The article further explores how the notion of collective resilience, as seen from an African perspective, has the potential to challenge harmful social systems and build healthy communities which can ultimately address intergenerational trauma. The latter required robust engagement with the authors’ identities as White South African women who speak Afrikaans as their first language and therefore embody the sounds and visual cues of the previous oppressive regime. Race, being the main indicator in the apartheid ideology, continues to play a significant role in how South Africans engage with each other, particularly around issues of power dynamics (London, 1999; Vierya, 2015). In many ways, the authors’ engagement with their complex South African identities were the driving force behind the development of this work, as we they not we were seeking a framework beyond their Western education that could serve as a practice to redress, repair and heal. For the authors, this work was also about fostering a sense of belonging and deeper connection within a diverse society where people have been alienated from each other during apartheid. This article aims to highlight how embodied arts-based practices can navigate complex identities and offer healing from intergenerational trauma by meeting beyond language in the shared landscape of the arts. The authors further propose that the programme, which developed from a deeply reflective and humble relationship with the African worldview, is relevant to other diverse contexts where practitioners are called to respond with a psychological practice that is culturally informed, holistic in its engagement with nature and spirituality, and centres around the notion that we are all interconnected. Like South African National Research Chair of Violent Histories and Transgenerational Trauma, Professor Pumla Gobodo-Madikizela suggests, ‘now is the time for scholars in the West to seek scholarships to learn from Africans the art of returning humanity to humans’ (Mmatshilo, 2004: 117).
Literature overview
Embodiment and polyvagal theory
As early as 1980, Lakoff and Johnson challenged the notion of dualism, or a disembodied mind where the interdependence between mind and body is rejected.
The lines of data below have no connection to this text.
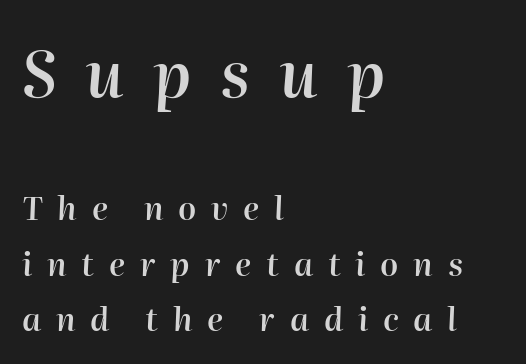
The image shows 63 px semibold type, italic (leaning right); set left-aligned, line spacing 1.74x, unusually wide letter spacing (+0.46 em), not underlined; the first (top) block is 1.97x larger; high stroke contrast and a medium x-height.
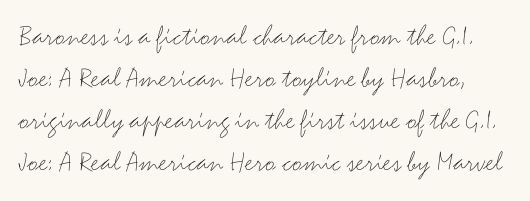
This rendering features lettering with no underline. Weight: not bold — regular or lighter. Proportional: the letters do not fall into vertical columns.
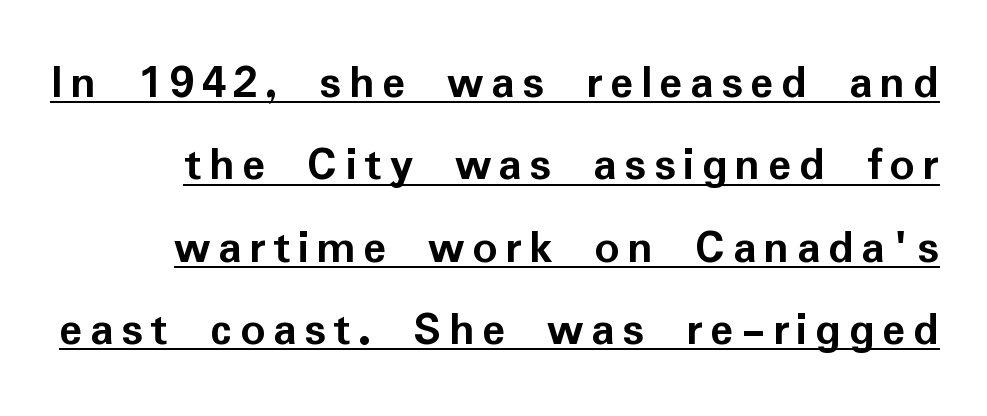
Q: Is the text bold? A: Yes.
Q: Is the text italic (slanted)? A: No, it is upright.
Q: Is the typeface a serif or a sans-serif typeface? A: Sans-serif.
Q: Is the text underlined? A: Yes.
Q: Is the spacing between lines tight, normal or loose? A: Normal.
Q: Width (condensed, normal, or wide)? A: Normal.
Q: Stroke contrast? A: Low.
Q: x-height? A: Medium.
Q: Monospaced? A: No.
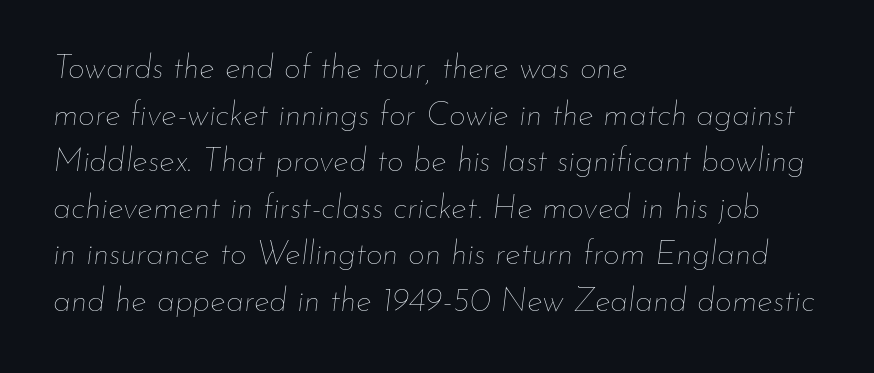
Q: Is the text bold? A: No.
Q: Is the text italic (slanted)? A: Yes, it leans right by about 7 degrees.
Q: Is the text underlined? A: No.
Q: How is the paragraph aligned? A: Left-aligned.
Q: Is the spacing between letters normal or unusually wide? A: Normal.
Q: Is the spacing between lines tight, normal or loose? A: Normal.
Q: Width (condensed, normal, or wide)? A: Normal.
Q: Stroke contrast? A: Low.
Q: x-height? A: Small.
Q: Monospaced? A: No.
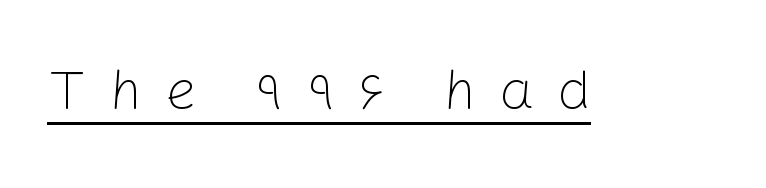
{"serif": "no", "italic": "no", "bold": "no", "weight": "light", "width": "normal", "stroke_contrast": "low", "x_height": "medium", "monospaced": "no", "underline": "yes", "letter_spacing": "wide", "letter_spacing_em": 0.4, "glyph_px": 56}
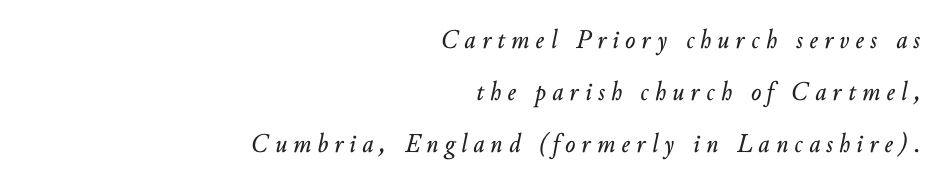
{"italic": "yes", "lean": "right", "slant_degrees": 10, "underline": "no", "align": "right", "line_spacing": "loose", "line_spacing_ratio": 1.92, "letter_spacing": "wide", "letter_spacing_em": 0.23, "glyph_px": 27}

This mind–body divide stems from 17th-century philosophy and gained traction in the Western world (McNerney, 2022). The African perspective never endorsed the mind–body division (Makanya, 2014) and emphasises their unity in relationship with the wider cosmos (Mbaegbu, 2016). As cognitive scientists and linguists, Lakoff and Johnson promoted the concept of embodied cognition which proposes that the thinking mind is influenced and in fact guided by our physical experiences (McNerney, 2022). This idea was expanded by Wilson and Golonka (2013) who hypothesised that embodied cognition does not simply represent another source of information for the mind, but that it sees the body as navigating the world and solving problems in real time. This hypothesis invites us to centralise the role that the body plays on human behaviours (Wilson and Golonka, 2013). When we view a person’s responses from a position of embodied cognition, we can understand that while internal mental representations play a role in determining behaviours, a person also draws immediate cues from the body and the environment which determines their actions. Therefore, behaviours can be changed through listening and responding to the body’s cues (Wilson and Golonka, 2013).
Psychiatrist and neuroscientist Stephen Porges (2018) developed polyvagal theory as a map of the autonomic nervous system which practitioners can use to support this process of creating embodied awareness. The autonomic nervous system serves as a protector that responds to environmental cues of safety or threat. Polyvagal theory is organised around three principles: autonomic hierarchy, neuroception and co-regulation (Dana, 2020). Autonomic hierarchy refers to the evolution of the three pathways of the autonomic nervous system. The dorsal vagal system is the initial and most ancient response system to threat and effects immobilisation or freeze. The sympathetic system of mobilisation was added and offers the options of fight or flight (Dana, 2020). The newest addition to this hierarchy emerged as the ventral vagal system that brings the ability for connection and social engagement as vital resources for human survival (Porges, 2022). Activating from a sense of safety, ‘the ventral vagal experience is one of being a part of the world, connected to self, able to reach out to others, open to change and willing to look at possibilities’ (Dana, 2020: 28). Neuroception describes the processes of the autonomic nervous system listening inside, outside and between bodies for cues of safety and cues of threat (Porges, 2022). These cues form habitual patterns of connection or protection that become the stories of the body and shape the way we respond in the present moment. The third organising principle is co-regulation, which refers to the nervous system’s ability to connect with others and create a shared sense of safety (Dana, 2020).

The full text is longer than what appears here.